Turning Brickell condos into a rental cash source tricky
Written by Camila Cepero on September 13, 2016
For years, local and international investors have been turning to Brickell condos as a safe place to put their money and make a profit by renting units. But the exact process of turning a condo from an empty space into a source of revenue includes a number of factors, each of which can be dealt with uniquely based on personal preference.
“The first thing you need to look at is what your condo documents allow,” said William G. Hardin, director of Florida International University’s Tibor & Sheila Hollo School of Real Estate.

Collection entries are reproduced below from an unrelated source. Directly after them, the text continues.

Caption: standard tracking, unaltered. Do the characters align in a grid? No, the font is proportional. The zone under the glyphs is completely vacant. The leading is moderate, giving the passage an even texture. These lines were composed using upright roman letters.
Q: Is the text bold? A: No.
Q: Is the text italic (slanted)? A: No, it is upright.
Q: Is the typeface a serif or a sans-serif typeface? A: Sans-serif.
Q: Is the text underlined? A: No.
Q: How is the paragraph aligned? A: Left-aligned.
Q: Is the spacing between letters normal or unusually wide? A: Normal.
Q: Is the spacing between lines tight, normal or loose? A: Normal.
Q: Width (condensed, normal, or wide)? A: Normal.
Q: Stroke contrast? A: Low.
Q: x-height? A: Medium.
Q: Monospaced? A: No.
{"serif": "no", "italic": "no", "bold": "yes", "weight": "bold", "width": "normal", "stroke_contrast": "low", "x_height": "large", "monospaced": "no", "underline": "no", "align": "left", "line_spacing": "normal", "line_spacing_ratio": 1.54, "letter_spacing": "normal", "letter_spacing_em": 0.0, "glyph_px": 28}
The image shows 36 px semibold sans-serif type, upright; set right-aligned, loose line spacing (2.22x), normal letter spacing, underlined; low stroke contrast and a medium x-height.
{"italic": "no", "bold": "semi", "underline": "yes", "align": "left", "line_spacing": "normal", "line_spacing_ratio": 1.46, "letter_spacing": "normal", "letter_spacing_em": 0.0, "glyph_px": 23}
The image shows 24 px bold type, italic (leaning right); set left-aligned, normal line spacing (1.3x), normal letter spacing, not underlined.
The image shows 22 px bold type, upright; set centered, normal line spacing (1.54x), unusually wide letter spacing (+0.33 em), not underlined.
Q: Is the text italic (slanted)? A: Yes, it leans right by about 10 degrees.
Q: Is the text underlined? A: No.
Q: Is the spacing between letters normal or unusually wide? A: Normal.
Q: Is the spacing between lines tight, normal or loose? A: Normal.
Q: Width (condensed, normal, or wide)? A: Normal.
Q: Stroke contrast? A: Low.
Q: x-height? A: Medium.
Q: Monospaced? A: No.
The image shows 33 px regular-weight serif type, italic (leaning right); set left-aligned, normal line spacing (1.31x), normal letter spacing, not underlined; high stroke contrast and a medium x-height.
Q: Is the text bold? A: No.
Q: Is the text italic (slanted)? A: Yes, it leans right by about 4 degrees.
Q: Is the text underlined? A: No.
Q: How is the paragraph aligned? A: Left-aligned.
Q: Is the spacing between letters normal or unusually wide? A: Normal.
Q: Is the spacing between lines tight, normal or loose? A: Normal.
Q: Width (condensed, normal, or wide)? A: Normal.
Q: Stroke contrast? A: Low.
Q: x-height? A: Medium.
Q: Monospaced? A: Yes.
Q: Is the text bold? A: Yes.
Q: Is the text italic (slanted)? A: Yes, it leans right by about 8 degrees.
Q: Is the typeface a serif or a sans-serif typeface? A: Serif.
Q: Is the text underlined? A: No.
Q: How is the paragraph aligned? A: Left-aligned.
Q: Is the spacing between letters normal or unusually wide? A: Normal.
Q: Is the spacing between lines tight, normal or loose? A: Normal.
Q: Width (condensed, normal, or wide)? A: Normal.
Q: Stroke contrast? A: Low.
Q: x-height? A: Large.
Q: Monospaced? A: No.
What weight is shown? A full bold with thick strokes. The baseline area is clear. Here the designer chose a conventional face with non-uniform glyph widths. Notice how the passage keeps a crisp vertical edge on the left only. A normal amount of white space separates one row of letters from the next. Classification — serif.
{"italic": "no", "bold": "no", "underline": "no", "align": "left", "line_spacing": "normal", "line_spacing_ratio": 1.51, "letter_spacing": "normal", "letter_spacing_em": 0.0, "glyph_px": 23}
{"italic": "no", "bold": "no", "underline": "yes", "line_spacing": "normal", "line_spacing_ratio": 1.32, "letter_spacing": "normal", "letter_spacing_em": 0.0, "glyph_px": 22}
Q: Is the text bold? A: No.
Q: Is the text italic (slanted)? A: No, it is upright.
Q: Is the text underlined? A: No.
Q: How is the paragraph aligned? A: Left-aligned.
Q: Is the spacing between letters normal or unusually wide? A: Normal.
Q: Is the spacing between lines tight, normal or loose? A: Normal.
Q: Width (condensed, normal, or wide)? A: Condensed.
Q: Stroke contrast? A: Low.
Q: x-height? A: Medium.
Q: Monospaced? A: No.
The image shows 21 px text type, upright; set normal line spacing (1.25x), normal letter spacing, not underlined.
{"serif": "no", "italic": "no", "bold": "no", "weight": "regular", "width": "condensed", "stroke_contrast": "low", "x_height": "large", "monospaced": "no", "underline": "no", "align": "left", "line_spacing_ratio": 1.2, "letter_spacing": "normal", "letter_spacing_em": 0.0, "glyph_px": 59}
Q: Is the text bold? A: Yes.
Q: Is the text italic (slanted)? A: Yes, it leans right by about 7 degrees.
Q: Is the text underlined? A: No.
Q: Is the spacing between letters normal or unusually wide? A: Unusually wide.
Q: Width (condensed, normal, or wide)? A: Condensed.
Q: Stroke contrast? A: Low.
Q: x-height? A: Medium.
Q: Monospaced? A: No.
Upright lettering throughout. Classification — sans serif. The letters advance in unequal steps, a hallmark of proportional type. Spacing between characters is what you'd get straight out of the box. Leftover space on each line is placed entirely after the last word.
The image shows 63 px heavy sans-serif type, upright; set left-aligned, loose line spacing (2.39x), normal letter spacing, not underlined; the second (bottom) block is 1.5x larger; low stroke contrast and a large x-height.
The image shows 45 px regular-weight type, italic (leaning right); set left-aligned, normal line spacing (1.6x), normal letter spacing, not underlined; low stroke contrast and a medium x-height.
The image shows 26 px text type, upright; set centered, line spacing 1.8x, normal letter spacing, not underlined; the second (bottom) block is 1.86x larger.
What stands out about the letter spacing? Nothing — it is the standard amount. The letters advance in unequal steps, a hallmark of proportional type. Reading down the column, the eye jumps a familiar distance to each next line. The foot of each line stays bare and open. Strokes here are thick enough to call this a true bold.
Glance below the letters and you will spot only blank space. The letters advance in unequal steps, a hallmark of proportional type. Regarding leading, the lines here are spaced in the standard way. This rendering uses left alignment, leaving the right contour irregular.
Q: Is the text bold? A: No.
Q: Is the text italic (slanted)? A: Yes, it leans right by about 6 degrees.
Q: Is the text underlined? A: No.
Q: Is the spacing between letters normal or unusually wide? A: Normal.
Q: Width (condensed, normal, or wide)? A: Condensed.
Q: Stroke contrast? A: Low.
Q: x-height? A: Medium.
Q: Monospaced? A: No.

“Typically we assume that all units can be rented, but in certain high-end buildings, rentals are not okay.”
Still in others, he said, while renting is allowed, tenants would have to be approved.
“Basically the first thing is [to find out if] there are limitations in the building where the unit is located,” Dr. Hardin said. “You need to review the documents and bylaws of the homeowner association.”
“The second thing is figuring out how much involvement you want to have. Do you want to manage or do you want to offload that to someone else?”
Renters need to decide whether they want to be directly involved in the leasing process or whether they want to get an agent or broker involved, he said.
“If there’s a broker involved, fees are typically one month’s rent on a 12-month lease. That’s typical commission, so there is a fee or cost associated. Of course, [renters] can delegate to an agent more or less of the activity… Of course, all those activities reduce the net cash flow that you get from the rental.”
Sometimes, however, the location of the owners plays a big role when deciding whether to self-manage.
“It’s pretty hard to do all of these activities if you don’t live in Miami because you’re competing with people who can make a quick decision, who are available,” Dr. Hardin said. “So if you’re in a different country then it’s harder to lease or manage an asset. That’s just the way it is.”
“Then, of course, you have to determine what the market rent is, which is relatively straightforward. If you went into any building you can pull asking rents, then the MLS database, then that can give you an idea of what you can truly rent for.”
According to the residential president of the Miami Association of Realtors, Carlos Gutierrez, costs such as the mortgage, association fees, taxes and possible additional insurance need to be taken into account.
Additionally, renters “have to make sure the association allows [rentals].”
“Sometime they allow one per year, sometime every three months… The most lucrative is one per month… With short-term rentals you can charge the most but they are the most work in terms of managing, cleaning and getting it ready to put back on the market.”
One important factor to look for, Mr. Gutierrez said, is a dog-friendly building.
“Dog-friendly buildings open themselves up to people looking to rent. Building that are not dog-friendly turn away [possible tenants].”
Once a renter has received permission from the association, the next step, Mr. Gutierrez said, is to have a realtor do an analysis and reach a consensus on rental price.
All in all, a lot of costs need to be taken care of before any revenue can be made.
“You have the mortgage principal and interest,” said Mr. Gutierrez. “If you own the property, the taxes to own it; if you rent it, you have income tax. You have the condo association dues. In some situations, not all, supplemental insurance… Some repairs are covered by the building, some by the owners. If the oven breaks or the AC freezes or the tiles crack, you have to set aside funds to hire someone to fix it.”
“[Brickell is] a pretty big destination for [renting],” he said. “A lot of jobs for young professionals are moving in there, so that’s basically the draw [and] a lot of activity and nightlife. Maybe they aren’t ready to buy so they’re going to rent, but it’s extremely popular.”